Extracted data entries
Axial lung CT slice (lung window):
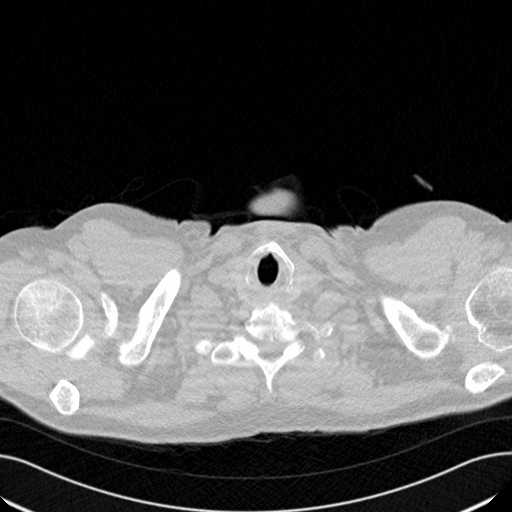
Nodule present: no
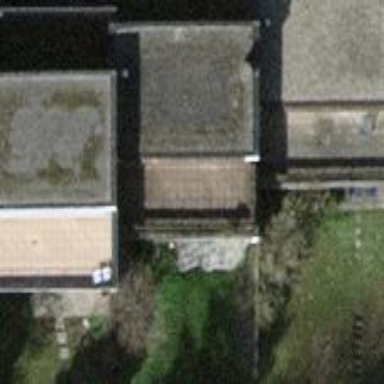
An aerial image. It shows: Terrace building.
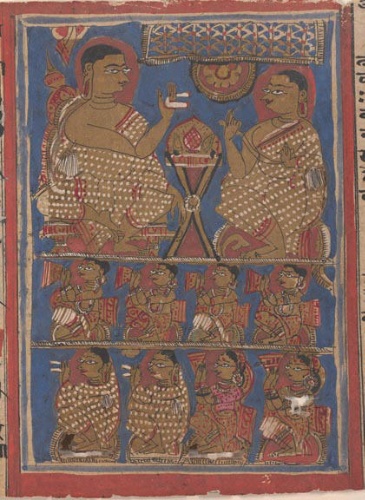
Date: 15th century
Object type: Folio
Classification: Paintings
Medium: Ink, opaque watercolor, and gold on paper
Culture: India (Gujarat)
Dimensions: 4 3/8 x 10 5/8 in. (11.1 x 27 cm)
Department: Asian Art
Credit line: Rogers Fund, 1955
Accession year: 1955
Repository: Metropolitan Museum of Art, New York, NY
Tags: Men|Women
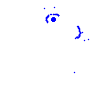
Particle: pion
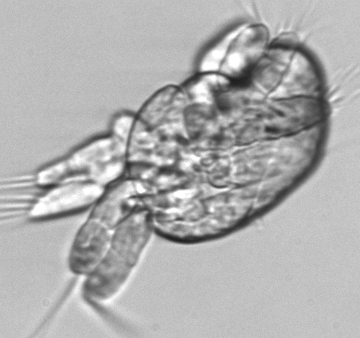
Label: Copepod_nauplii
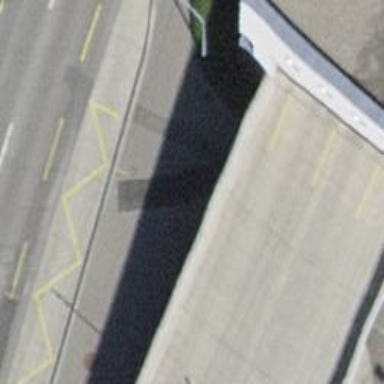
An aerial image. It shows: Driveway with asphalt surface. It includes tunnel passage.
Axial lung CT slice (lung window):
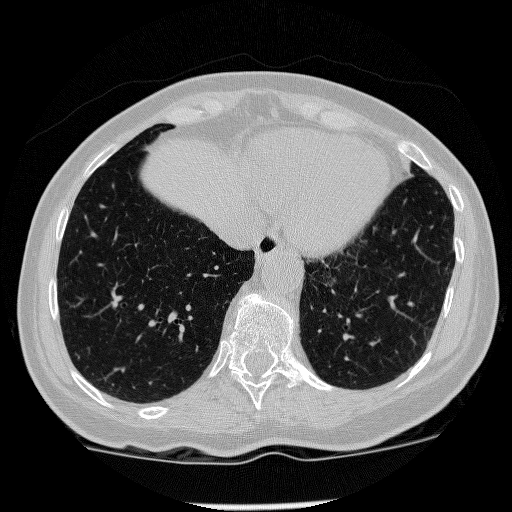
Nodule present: no

### About this exercise
Any picture among the entries must be skipped; copy all else exactly.

### Result of the task
Axial lung CT slice (lung window):
Nodule present: no
An aerial image. It shows: Terrace building.
Date: 15th century
Object type: Folio
Classification: Paintings
Medium: Ink, opaque watercolor, and gold on paper
Culture: India (Gujarat)
Dimensions: 4 3/8 x 10 5/8 in. (11.1 x 27 cm)
Department: Asian Art
Credit line: Rogers Fund, 1955
Accession year: 1955
Repository: Metropolitan Museum of Art, New York, NY
Tags: Men|Women
Particle: pion
Label: Copepod_nauplii
An aerial image. It shows: Driveway with asphalt surface. It includes tunnel passage.
Axial lung CT slice (lung window):
Nodule present: no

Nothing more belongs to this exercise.